Schröder, M., Chakraborty, S., Witthaut, D., Nagler, J., & Timme, M. (2016). Interaction control to synchronize non-synchronizable networks. Scientific Reports, 6:. doi:10.1038/srep37142.


引用: https://hdl.handle.net/11858/00-001M-0000-002B-BE3D-A
要旨
Synchronization constitutes one of the most fundamental collective dynamics across networked systems and often underlies their function. Whether a system may synchronize depends on the internal unit dynamics as well as the topology and strength of their interactions. For chaotic units with certain interaction topologies synchronization might be impossible across all interaction strengths, meaning that these networks are non-synchronizable.

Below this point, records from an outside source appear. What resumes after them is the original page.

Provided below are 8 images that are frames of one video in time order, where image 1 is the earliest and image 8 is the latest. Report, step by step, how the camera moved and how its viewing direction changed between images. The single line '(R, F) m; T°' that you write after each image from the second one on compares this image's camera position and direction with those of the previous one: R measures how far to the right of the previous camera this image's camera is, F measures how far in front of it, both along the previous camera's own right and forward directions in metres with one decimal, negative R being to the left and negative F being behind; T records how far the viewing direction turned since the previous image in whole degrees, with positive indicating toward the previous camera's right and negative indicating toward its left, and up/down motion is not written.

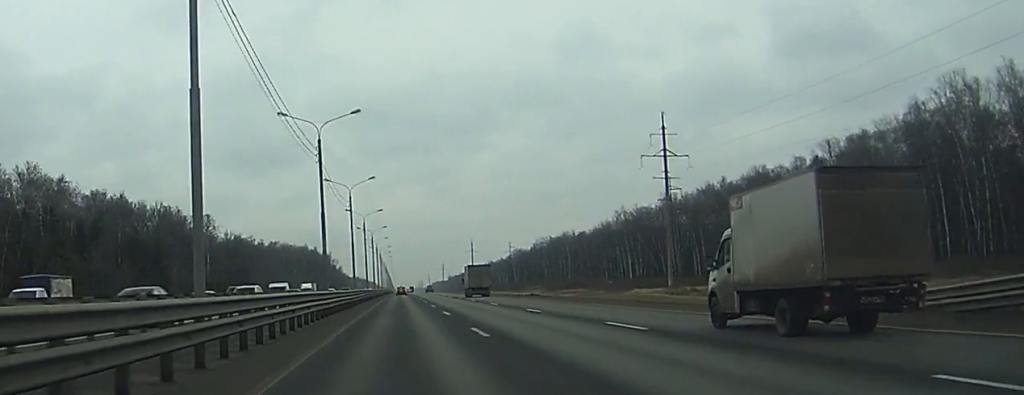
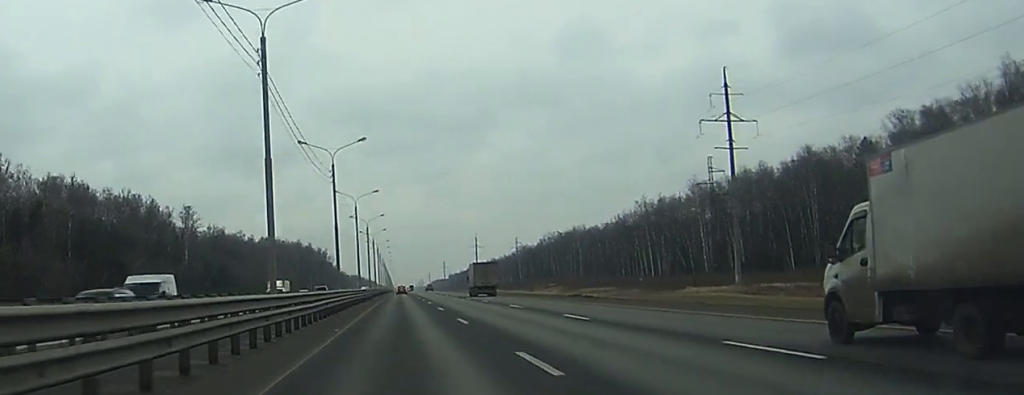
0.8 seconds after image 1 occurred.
(0.0, +25.2) m; 0°
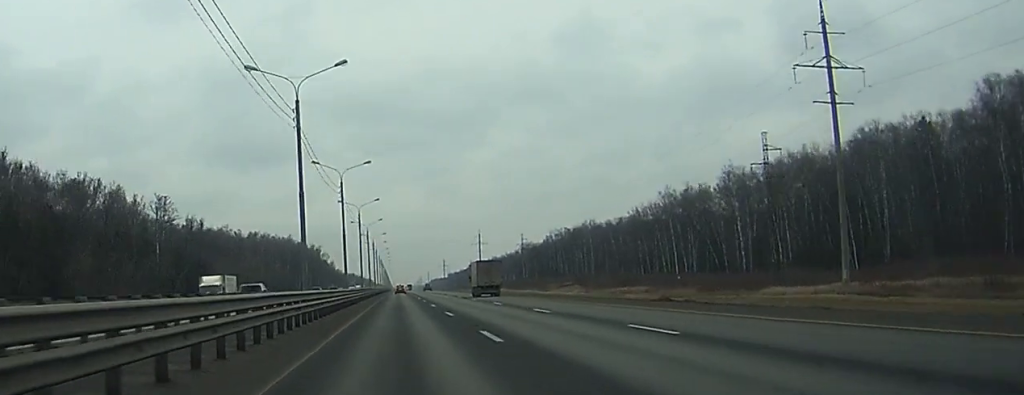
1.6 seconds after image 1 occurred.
(0.0, +25.3) m; 0°
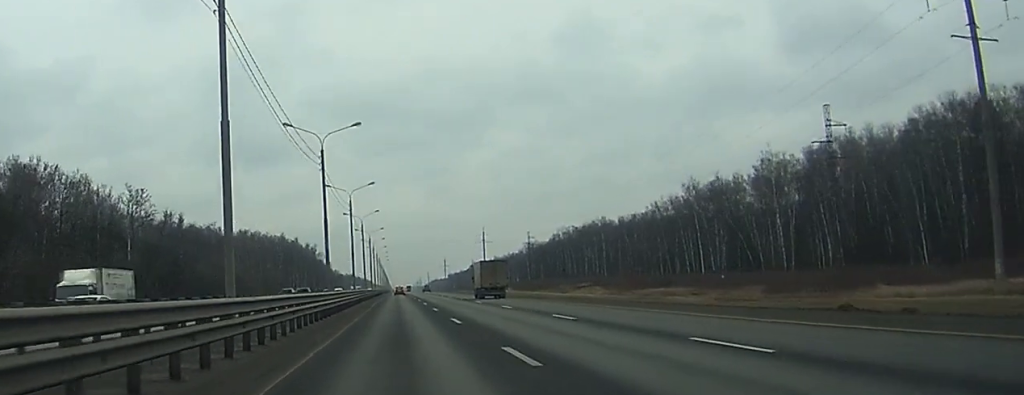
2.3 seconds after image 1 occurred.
(0.0, +21.1) m; 0°
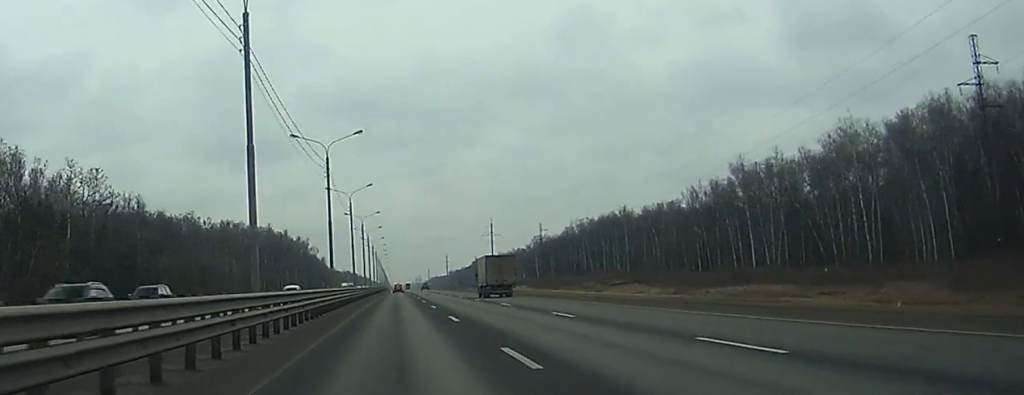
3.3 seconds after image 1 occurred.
(+0.1, +33.0) m; 0°
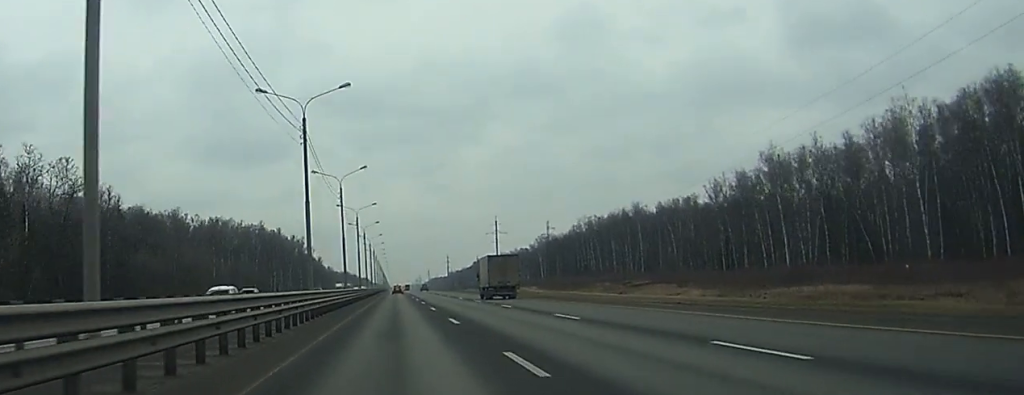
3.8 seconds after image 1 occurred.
(+0.1, +17.1) m; 0°
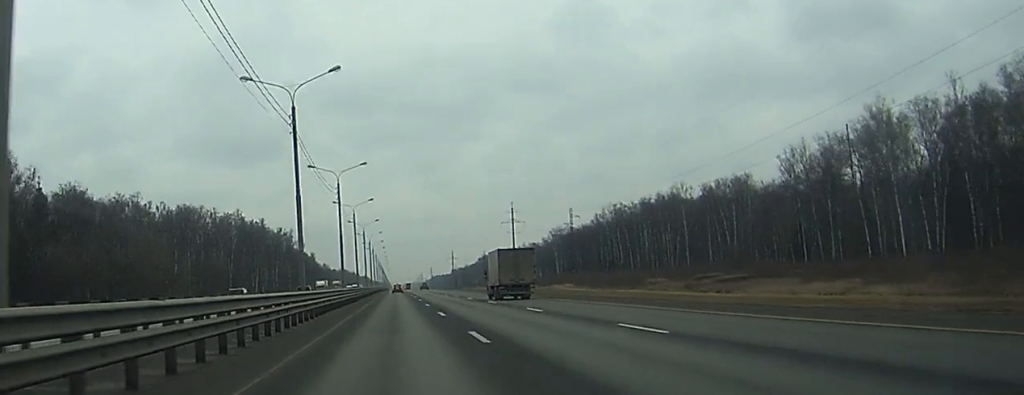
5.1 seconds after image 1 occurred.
(-0.1, +42.1) m; 0°
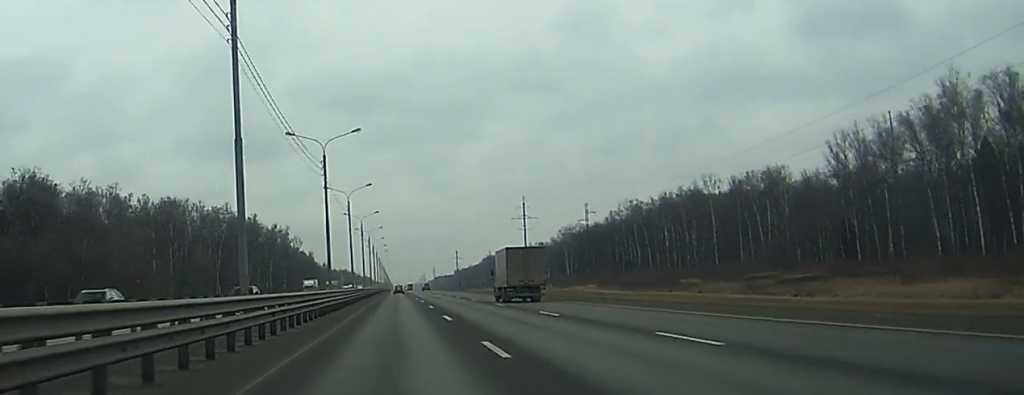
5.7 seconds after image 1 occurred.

Here we propose the concept of interaction control, generalizing transient uncoupling, to induce desired collective dynamics in complex networks and apply it to synchronize even such non-synchronizable systems. After highlighting that non-synchronizability prevails for a wide range of networks of arbitrary size, we explain how a simple binary control may localize interactions in state space and thereby synchronize networks. Intriguingly, localizing interactions by a fixed control scheme enables stable synchronization across all connected networks regardless of topological constraints. Interaction control may thus ease the design of desired collective dynamics even without knowledge of the networks' exact interaction topology and consequently have implications for biological and self-organizing technical systems.